Thursday, April 5, 2012

Only God knows why....

It is true that in the midst of pain you can't see God's plan or his reason. We chose to go to the Chicago office for the ultrasound today, because in St.Louis they are quite cold and not personal. Well the ultrasound lady in Chicago was so much worse than anyone I have dealt with before. Not just cold but mean and horrible. She was upset with us from the moment she opened the waiting room door. I guess because we had 4 people in the room and she didn't want that many to come. From the moment she saw us she was filled with attitude. This made worse by the fact that she couldn't see anything in my uterus.
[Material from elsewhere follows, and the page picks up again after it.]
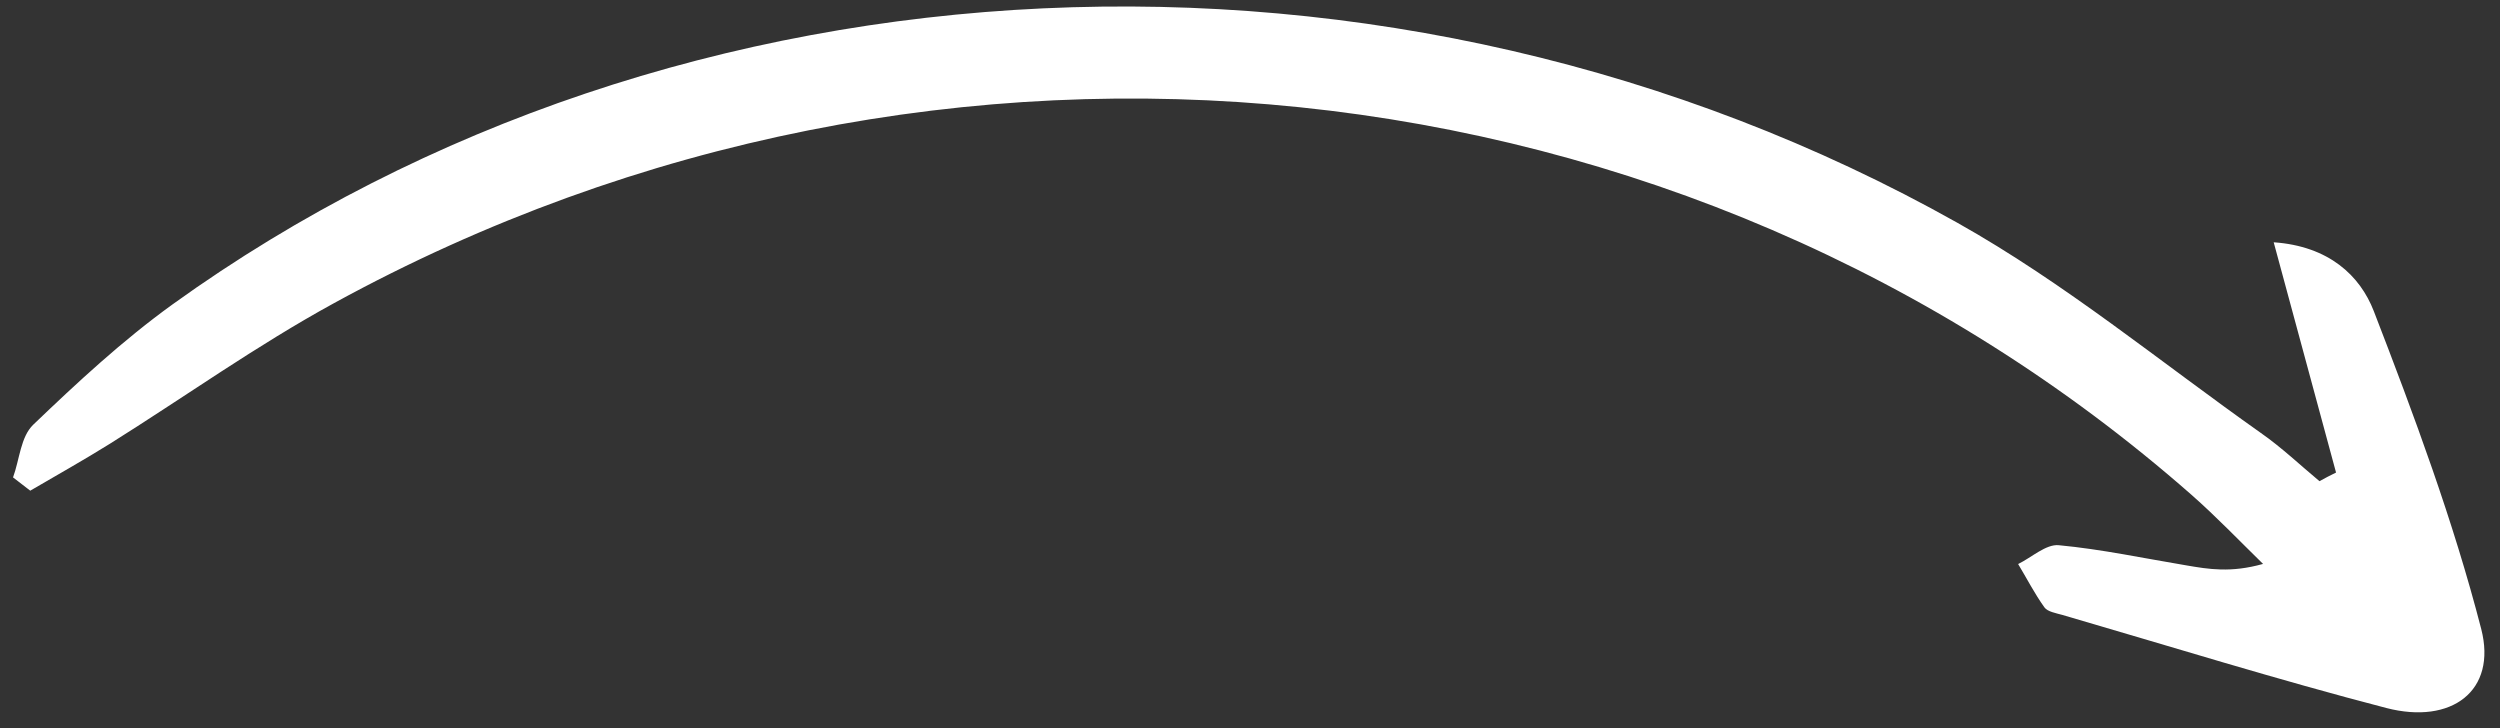 <svg width="151" height="44" viewBox="0 0 151 44" fill="none" xmlns="http://www.w3.org/2000/svg">
<rect x="0" y="0" width="151" height="44" fill="#333333" stroke="none"/>
<path d="M141.097 28.542C139.888 24.065 138.666 19.577 137.331 14.634C140.663 14.866 142.547 16.651 143.374 18.784C145.816 25.1 148.184 31.465 149.866 37.991C150.828 41.725 148.077 43.786 144.132 42.763C137.557 41.055 131.086 39.04 124.569 37.142C124.189 37.036 123.672 36.946 123.489 36.693C122.888 35.855 122.422 34.943 121.895 34.068C122.711 33.669 123.579 32.858 124.346 32.93C126.926 33.172 129.476 33.719 132.049 34.148C133.398 34.379 134.735 34.609 136.689 34.061C135.256 32.661 133.871 31.212 132.364 29.885C101.693 2.94 56.771 -1.735 20.171 18.312C15.489 20.874 11.15 23.976 6.639 26.802C5.061 27.786 3.431 28.7 1.827 29.637C1.48 29.366 1.134 29.107 0.787 28.835C1.183 27.758 1.243 26.385 2.012 25.647C4.674 23.097 7.411 20.557 10.423 18.384C40.956 -3.597 84.176 -5.67 118.223 13.454C124.716 17.098 130.488 21.865 136.56 26.154C137.816 27.031 138.925 28.089 140.096 29.063C140.429 28.878 140.763 28.704 141.097 28.542Z" fill="white"/>
</svg>

She said "there is no gestational sac" "I don't see a pregnancy"She said this like she was telling us the weather. With no hope or bedside manner at all. She said it could be because it was ectopic or it just "didn't work". So kind this lady!
They did another hcg level and a nurse came to speak to me. She told me not to worry at all. We were early and it is normal to not see anything. She said as long as the hcg level was increasing then we were fine and we would schedule another ultrasound for a little later. This was a huge relief because we were all thinking the worst. So we waited.
Finally at 4pm my phone finally rang with my hcg level. I tried to read the tone in her voice but it gave nothing away. Then she said "unfortunately your levels have dropped.....silence...your level today was 17". Not sure what all she said after that because it all seemed to blur, but what I did hear was there was a pregnancy and now there is not. Lisa could hear bits and pieces but she got enough to understand because I could hear her crying. The nurse went on to tell me to stop my meds and call when I started my period.  The rest of the ride to the train station was pretty quiet except for our tears.  We didn't have much time once we arrived.  Just enough time for long hugs and lots of tears and quick "goodbyes".

Having an intimate relationship with God we have access to him in the toughest times.  I prayed to him almost the entire 5 hour train ride home.  I prayed at first for it to not be true, then I prayed for him to change it, finally I just prayed for strength to make it through.  One of the hard parts of this relationship is that God doesn't always give you the answers you are looking for.  Speaking only for myself, because I cant speak for Lisa, I have to be completely honest I am angry about this.  Why God?  I know that I may never know the answer to that question, but at the moment I am just hurting.  I understand that God's plan is perfect and I trust him in that, but I just don't understand why we made it this far.  Why we had so much happiness and so much hope, just for it to be crushed in an instant.  I know that God makes all things work together for our good, I am just really struggling to see the good in this at this moment.  I am feeling so many different things right now, but it is just to raw to share it all right now.  Hopefully after some time and healing I can come back here and explain more about how I am feeling.  For now I am just asking you to pray for Lisa and Joe and their families.  Please pray for strength for all of us to get through this difficult time.

4 comments:

  1. My heart breaks for all of you in reading this news. Thinking and praying for you all.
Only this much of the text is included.